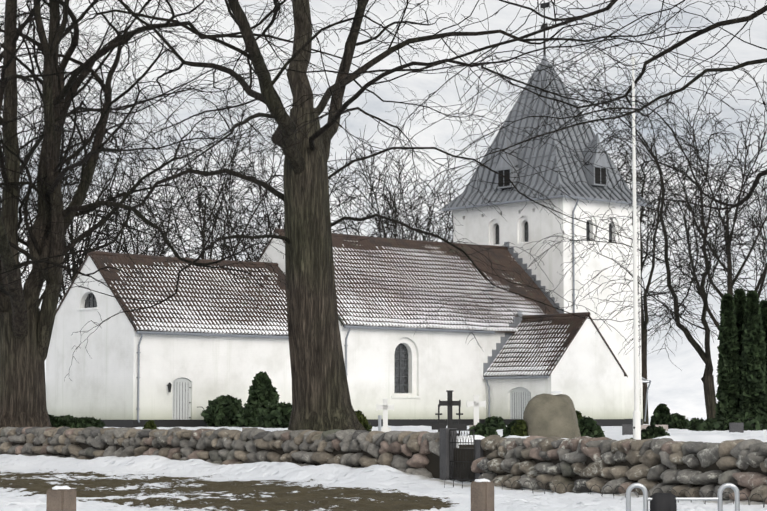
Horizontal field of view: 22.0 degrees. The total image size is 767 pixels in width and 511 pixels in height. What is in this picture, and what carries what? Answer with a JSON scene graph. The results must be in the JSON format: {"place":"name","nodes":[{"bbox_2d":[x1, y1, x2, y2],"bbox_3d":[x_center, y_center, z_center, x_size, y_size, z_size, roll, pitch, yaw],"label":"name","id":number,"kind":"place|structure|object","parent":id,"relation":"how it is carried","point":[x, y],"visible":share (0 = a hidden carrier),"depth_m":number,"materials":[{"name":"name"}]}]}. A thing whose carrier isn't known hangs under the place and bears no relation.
☆ ☆ ☆ ☆ ☆
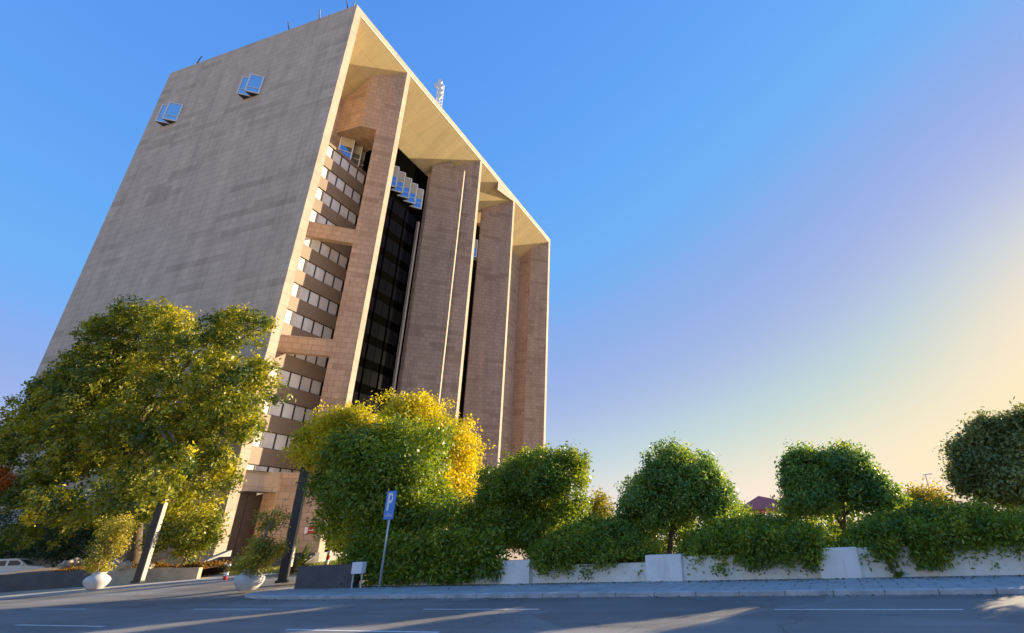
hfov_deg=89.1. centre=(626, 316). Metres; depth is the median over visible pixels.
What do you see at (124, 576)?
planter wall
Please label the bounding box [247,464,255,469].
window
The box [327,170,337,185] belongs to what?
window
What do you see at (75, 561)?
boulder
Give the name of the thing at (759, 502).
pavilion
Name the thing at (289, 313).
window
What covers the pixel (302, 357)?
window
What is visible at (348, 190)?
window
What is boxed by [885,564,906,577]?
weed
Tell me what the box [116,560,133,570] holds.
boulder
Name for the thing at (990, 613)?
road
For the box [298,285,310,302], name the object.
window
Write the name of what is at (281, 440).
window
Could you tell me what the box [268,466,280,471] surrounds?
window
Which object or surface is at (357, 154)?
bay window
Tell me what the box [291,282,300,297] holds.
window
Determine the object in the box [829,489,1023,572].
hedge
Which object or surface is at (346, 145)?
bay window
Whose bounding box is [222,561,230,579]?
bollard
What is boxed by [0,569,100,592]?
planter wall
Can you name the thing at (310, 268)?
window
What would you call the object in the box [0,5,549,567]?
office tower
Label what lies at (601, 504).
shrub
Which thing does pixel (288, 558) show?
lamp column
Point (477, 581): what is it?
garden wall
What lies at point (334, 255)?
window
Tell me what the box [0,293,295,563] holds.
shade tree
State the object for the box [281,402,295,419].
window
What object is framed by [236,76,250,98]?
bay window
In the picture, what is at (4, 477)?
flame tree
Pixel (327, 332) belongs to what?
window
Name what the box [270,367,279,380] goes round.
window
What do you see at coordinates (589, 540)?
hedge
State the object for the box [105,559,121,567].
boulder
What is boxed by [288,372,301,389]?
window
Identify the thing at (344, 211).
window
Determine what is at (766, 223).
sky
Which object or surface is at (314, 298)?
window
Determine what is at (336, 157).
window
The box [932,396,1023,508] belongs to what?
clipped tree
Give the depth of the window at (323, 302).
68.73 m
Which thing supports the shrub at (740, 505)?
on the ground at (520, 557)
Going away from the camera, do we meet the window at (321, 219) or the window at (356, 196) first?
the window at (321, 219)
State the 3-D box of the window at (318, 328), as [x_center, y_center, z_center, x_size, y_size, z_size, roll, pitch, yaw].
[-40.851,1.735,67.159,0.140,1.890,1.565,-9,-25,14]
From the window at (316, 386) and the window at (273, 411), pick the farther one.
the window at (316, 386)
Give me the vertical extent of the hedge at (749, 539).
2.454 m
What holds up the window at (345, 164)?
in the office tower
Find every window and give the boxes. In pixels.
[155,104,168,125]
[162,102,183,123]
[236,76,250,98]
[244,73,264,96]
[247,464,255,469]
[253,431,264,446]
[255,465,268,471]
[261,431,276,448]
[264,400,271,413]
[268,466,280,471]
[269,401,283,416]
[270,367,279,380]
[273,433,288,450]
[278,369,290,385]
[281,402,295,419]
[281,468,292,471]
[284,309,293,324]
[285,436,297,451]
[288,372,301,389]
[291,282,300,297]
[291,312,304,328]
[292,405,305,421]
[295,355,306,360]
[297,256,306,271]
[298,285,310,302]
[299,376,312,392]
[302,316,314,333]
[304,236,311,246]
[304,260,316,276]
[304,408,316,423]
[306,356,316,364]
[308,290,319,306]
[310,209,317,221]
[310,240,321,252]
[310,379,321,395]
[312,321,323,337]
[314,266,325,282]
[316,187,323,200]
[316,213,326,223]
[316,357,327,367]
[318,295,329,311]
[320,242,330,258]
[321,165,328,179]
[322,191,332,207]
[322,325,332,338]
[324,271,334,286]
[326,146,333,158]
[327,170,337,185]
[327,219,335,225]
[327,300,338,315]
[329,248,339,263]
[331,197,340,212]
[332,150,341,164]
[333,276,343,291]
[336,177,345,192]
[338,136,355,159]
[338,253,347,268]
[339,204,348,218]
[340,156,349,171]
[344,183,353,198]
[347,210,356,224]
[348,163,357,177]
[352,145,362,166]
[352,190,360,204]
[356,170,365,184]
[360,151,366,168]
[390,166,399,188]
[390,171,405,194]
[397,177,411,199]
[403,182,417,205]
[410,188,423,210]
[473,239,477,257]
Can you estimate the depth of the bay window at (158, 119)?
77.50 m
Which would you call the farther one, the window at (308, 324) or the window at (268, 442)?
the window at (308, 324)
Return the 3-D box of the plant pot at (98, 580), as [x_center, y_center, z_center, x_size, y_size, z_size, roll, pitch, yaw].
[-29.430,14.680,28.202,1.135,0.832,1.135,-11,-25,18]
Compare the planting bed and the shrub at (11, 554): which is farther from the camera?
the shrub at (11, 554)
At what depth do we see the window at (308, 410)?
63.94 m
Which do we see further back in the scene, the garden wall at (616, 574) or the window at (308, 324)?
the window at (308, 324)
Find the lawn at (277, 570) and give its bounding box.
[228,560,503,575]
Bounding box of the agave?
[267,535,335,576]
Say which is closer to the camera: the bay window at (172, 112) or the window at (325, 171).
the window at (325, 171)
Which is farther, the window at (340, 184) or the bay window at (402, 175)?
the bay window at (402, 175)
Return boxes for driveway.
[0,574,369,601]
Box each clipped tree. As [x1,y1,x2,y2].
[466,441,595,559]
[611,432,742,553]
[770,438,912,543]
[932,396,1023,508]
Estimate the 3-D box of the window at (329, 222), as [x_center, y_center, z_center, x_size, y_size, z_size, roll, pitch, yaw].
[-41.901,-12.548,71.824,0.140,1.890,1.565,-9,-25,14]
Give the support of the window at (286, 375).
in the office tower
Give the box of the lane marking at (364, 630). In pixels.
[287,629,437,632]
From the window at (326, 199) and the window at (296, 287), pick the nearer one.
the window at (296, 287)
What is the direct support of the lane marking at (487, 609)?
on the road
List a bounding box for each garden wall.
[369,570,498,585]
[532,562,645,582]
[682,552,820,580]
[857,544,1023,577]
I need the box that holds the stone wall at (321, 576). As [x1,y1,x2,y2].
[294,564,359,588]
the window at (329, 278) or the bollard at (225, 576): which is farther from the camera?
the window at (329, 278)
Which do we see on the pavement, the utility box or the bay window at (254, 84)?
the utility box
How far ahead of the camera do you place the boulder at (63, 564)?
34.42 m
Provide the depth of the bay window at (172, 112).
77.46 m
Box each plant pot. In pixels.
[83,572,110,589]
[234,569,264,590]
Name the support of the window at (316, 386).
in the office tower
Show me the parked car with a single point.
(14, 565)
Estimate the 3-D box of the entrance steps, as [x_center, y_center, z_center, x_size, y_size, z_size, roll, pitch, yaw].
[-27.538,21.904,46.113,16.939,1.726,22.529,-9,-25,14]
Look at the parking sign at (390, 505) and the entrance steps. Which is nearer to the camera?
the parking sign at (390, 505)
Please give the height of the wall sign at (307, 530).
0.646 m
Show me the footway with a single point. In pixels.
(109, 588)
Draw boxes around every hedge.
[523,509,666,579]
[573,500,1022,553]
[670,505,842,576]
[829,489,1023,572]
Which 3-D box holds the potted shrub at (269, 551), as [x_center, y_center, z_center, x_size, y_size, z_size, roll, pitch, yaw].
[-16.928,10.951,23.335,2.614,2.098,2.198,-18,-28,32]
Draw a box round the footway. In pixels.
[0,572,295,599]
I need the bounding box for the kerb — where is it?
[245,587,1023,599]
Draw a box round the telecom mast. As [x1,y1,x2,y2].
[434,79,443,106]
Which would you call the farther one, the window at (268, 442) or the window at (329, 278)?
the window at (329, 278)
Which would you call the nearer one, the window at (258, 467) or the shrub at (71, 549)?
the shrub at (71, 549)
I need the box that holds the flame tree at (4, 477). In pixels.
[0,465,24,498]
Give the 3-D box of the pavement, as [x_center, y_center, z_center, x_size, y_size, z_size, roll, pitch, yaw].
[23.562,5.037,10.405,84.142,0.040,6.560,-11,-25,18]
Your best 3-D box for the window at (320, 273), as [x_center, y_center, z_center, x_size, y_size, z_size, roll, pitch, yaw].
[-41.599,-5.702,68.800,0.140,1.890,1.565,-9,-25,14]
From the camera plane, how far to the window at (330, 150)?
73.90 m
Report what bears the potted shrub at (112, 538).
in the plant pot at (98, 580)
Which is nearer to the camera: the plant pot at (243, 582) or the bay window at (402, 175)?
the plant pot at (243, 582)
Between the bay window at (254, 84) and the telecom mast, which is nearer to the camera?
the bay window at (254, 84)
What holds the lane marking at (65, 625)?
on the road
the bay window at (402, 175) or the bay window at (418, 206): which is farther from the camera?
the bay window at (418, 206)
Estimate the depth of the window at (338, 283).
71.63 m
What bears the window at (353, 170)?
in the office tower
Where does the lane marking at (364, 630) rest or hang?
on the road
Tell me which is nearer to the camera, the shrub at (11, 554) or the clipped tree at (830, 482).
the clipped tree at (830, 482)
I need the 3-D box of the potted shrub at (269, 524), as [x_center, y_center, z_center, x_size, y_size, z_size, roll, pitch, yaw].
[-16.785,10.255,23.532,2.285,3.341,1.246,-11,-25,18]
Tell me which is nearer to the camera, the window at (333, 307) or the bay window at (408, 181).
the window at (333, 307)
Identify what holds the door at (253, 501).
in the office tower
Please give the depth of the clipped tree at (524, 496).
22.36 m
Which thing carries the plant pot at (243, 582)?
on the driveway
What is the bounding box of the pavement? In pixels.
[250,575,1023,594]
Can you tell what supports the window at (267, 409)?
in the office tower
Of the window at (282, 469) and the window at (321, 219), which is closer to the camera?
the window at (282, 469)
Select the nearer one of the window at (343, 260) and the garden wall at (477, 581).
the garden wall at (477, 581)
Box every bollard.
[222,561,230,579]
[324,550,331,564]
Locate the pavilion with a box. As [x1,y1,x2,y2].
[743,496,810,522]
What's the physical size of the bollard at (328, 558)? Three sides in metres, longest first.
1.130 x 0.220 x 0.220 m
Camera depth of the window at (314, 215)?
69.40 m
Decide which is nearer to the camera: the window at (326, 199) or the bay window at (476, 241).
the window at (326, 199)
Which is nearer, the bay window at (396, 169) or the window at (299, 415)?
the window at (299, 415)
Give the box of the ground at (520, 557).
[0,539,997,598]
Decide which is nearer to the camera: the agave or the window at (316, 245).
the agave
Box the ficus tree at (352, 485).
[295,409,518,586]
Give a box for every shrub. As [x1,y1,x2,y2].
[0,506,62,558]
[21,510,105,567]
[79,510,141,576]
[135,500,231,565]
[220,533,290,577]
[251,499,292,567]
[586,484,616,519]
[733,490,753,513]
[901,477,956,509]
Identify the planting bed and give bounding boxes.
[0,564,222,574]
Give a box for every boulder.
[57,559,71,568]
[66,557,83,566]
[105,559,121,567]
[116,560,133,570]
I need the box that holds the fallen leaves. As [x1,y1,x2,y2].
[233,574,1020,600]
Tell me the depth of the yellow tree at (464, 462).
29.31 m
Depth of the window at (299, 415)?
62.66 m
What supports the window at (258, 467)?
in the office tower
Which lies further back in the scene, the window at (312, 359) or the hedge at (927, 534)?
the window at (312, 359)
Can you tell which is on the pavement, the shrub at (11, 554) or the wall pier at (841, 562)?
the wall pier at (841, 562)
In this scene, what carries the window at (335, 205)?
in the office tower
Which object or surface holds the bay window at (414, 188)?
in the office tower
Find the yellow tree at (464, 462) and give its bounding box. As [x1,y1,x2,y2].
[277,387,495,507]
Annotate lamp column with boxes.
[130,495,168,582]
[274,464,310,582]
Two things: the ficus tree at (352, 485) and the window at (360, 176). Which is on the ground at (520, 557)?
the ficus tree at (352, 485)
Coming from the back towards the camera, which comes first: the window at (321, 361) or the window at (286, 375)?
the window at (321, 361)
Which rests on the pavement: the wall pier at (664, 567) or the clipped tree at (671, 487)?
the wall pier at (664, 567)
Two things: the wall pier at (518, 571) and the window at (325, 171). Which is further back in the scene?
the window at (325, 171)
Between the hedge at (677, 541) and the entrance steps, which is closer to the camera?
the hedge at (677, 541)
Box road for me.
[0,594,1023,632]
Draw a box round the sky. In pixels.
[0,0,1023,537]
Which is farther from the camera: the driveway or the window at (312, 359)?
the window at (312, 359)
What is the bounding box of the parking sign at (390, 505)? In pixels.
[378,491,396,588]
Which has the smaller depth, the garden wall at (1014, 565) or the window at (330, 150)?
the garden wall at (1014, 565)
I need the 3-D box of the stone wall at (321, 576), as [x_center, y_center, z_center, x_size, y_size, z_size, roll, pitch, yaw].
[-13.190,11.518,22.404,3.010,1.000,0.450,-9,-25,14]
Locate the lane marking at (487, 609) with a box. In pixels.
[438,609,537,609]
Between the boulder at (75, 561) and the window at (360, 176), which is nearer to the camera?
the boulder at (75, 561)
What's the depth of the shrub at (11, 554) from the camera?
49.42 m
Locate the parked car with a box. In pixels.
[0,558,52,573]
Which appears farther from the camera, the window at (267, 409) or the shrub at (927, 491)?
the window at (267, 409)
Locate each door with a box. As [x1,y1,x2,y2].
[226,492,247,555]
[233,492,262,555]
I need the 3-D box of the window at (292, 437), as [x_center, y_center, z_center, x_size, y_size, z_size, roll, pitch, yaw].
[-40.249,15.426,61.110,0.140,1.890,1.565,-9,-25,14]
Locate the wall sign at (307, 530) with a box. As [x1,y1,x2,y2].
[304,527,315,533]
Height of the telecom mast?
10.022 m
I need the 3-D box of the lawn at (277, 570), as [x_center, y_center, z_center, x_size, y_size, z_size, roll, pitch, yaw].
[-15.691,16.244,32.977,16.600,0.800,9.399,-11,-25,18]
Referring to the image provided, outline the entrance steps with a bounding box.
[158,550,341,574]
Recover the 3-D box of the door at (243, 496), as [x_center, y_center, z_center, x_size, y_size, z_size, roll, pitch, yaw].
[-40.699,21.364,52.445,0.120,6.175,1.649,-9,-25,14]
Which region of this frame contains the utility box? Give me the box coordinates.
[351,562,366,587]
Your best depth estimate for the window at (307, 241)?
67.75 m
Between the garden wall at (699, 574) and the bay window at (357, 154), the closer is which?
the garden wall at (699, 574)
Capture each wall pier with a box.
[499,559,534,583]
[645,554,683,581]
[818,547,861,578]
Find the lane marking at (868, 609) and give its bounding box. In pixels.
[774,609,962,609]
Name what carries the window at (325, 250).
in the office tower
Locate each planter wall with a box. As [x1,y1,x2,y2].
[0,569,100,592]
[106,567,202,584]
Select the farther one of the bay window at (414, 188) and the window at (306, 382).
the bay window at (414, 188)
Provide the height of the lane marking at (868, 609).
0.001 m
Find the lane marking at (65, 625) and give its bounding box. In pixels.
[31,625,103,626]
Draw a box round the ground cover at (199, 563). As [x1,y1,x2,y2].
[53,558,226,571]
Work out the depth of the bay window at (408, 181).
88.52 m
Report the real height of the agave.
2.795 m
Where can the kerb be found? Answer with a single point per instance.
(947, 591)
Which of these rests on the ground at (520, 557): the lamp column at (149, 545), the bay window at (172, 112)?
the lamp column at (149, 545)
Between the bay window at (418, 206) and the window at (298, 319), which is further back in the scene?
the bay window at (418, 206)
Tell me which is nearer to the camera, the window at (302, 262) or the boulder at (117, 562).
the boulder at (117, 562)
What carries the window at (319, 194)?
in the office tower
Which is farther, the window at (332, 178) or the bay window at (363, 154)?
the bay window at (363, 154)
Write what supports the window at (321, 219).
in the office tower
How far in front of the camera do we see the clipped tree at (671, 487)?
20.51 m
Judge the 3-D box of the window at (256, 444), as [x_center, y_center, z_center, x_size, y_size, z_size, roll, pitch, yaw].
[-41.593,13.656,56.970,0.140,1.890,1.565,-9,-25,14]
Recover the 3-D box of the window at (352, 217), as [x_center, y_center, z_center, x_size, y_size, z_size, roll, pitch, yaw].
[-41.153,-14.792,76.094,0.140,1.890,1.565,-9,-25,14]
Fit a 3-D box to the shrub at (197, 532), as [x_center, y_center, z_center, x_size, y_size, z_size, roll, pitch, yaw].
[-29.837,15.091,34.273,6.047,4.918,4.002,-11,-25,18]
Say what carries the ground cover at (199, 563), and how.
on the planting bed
☆ ☆ ☆ ☆ ☆
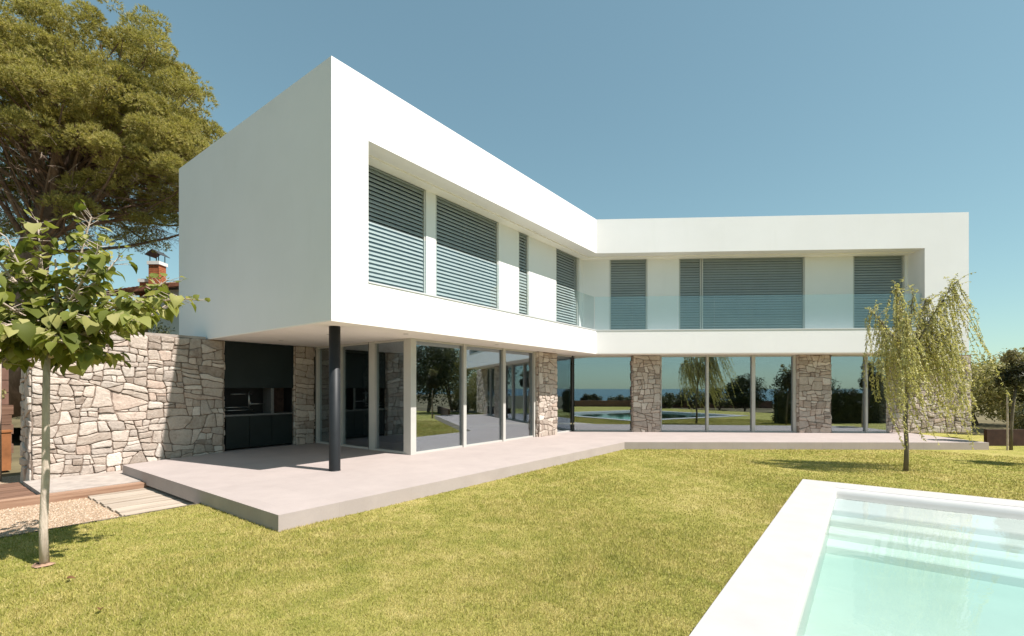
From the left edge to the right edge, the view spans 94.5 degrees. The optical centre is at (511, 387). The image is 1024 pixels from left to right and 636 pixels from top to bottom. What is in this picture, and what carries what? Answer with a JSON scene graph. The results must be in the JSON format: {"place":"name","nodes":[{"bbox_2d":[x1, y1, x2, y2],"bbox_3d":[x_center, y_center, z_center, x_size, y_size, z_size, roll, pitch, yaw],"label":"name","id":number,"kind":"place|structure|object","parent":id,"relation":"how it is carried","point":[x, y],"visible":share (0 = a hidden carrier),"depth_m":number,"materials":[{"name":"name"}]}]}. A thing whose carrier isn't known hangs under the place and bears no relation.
☆ ☆ ☆ ☆ ☆
Problem statement:
Above are the lines; repeat exactly the ones from the line containing "How far ahead" down to the line containing "[-27.538,21.904,46.113,16.939,1.726,22.529,-9,-25,14]", both inclusive.

Result for this exercise:
How far ahead of the camera do you place the boulder at (63, 564)?
34.42 m
Provide the depth of the bay window at (172, 112).
77.46 m
Box each plant pot. In pixels.
[83,572,110,589]
[234,569,264,590]
Name the support of the window at (316, 386).
in the office tower
Show me the parked car with a single point.
(14, 565)
Estimate the 3-D box of the entrance steps, as [x_center, y_center, z_center, x_size, y_size, z_size, roll, pitch, yaw].
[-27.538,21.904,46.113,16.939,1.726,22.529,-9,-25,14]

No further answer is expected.